10 March 2006


I lifted the following from the website of the American Heart Association:
Your total blood cholesterol level
Your total blood cholesterol will fall into one of these categories:
Desirable—Less than 200 mg/dL
Borderline high risk—200–239 mg/dL
High risk—240 mg/dL and over
Here is some more explanation about each of these categories.

If your total cholesterol is less than 200 mg/dL, your heart attack risk is relatively low, unless you have other risk factors. Even with a low risk, it's still smart to eat foods low in saturated fat and cholesterol, and also get plenty of physical activity. Have your cholesterol levels measured every five years—or more often if you're a man over 45 or a woman over 55.

Borderline high risk
People whose cholesterol level is from 200 to 239 mg/dL are borderline high risk. About a third of American adults are in this (borderline) group; almost half of adults have total cholesterol levels below 200 mg/dL.

Have your cholesterol and HDL rechecked in one to two years if:
Your total cholesterol is in this range.
Your HDL is less than 40 mg/dL.
You don’t have other risk factors for heart disease.
You should also lower your intake of foods high in saturated fat and cholesterol to reduce your blood cholesterol level to below 200 mg/dL. Your doctor may order another blood test to measure your LDL cholesterol. Ask your doctor to discuss your LDL cholesterol with you. Even if your total cholesterol is between 200 and 239 mg/dL, you may not be at high risk for a heart attack. Some people—such as women before menopause and young, active men who have no other risk factors—may have high HDL cholesterol and desirable LDL levels. Ask your doctor to interpret your results.
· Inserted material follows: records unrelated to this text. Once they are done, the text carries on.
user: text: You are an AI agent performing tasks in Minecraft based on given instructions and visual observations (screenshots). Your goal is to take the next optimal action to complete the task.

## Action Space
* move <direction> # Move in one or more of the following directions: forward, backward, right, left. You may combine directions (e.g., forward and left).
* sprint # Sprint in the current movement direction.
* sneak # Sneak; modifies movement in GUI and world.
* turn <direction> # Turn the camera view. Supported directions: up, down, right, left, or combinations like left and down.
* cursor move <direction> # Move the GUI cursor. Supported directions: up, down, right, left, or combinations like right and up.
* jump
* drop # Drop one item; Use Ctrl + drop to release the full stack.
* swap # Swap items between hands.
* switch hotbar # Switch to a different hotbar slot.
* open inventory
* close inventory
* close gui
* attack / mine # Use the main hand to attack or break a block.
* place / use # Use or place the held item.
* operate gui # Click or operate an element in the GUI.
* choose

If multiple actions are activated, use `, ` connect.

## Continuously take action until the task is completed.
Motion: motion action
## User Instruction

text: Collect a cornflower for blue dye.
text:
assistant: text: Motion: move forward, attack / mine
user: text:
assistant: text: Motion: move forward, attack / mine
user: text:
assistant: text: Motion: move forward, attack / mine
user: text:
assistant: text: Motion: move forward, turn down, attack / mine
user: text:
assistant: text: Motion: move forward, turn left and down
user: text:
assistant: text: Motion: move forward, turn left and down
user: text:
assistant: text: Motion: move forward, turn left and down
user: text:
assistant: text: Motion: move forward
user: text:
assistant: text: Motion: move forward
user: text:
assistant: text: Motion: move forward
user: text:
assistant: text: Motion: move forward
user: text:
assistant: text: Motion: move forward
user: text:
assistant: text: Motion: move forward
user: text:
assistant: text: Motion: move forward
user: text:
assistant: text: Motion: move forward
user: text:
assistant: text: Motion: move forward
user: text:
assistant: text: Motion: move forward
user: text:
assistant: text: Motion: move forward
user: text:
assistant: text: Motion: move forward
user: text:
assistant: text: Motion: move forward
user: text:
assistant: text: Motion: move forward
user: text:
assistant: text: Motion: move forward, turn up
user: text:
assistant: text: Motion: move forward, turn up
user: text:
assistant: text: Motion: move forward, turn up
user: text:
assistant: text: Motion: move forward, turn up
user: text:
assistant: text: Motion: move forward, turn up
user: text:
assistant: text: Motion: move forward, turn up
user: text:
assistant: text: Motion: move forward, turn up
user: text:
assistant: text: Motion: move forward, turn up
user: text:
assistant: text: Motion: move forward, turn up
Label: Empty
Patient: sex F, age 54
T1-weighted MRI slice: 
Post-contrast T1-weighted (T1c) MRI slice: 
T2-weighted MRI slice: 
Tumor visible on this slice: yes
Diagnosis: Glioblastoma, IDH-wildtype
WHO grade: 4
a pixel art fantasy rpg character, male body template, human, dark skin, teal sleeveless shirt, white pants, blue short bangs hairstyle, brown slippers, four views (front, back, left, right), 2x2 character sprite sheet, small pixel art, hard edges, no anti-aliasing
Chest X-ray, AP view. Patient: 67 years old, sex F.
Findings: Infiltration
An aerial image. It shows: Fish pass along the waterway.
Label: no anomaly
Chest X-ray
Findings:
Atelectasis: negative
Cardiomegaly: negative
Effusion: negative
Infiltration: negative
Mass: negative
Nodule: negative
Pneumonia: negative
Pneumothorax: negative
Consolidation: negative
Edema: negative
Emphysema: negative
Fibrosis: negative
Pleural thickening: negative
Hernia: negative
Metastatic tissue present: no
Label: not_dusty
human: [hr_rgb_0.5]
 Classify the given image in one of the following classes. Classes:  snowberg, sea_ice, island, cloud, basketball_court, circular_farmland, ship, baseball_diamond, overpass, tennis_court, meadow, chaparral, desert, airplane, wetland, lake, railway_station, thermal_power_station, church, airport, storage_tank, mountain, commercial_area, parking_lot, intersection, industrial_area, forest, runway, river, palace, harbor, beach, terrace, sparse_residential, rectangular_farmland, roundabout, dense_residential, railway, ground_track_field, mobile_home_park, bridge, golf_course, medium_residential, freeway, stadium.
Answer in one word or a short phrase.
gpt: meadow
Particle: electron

Everyone's case is different.

High risk
If your total cholesterol level is 240 or more, it's definitely high. Your risk of heart attack and stroke is greater. In general, people who have a total cholesterol level of 240 mg/dL have twice the risk of coronary heart disease as people whose cholesterol level is 200 mg/dL.

You need more tests. Ask your doctor for advice. About 20 percent of the U.S. population has high blood cholesterol levels.
I received the results of my annual physical examination today. My total cholesterol is 115. My doctor wrote "fantastic!" I attribute it to two things: first, lifelong aerobic exercise (mainly bicycling and running); and second, a demi-vegetarian diet. As I've said many times in this blog, if you care only about yourself, and don't give a damn about animals, you'll eat very few animal products. I've had no dairy products (milk, cheese, ice cream, butter, or yogurt) since 1972. I've had no red meat (i.e., meat other than chicken and fish) since 1981.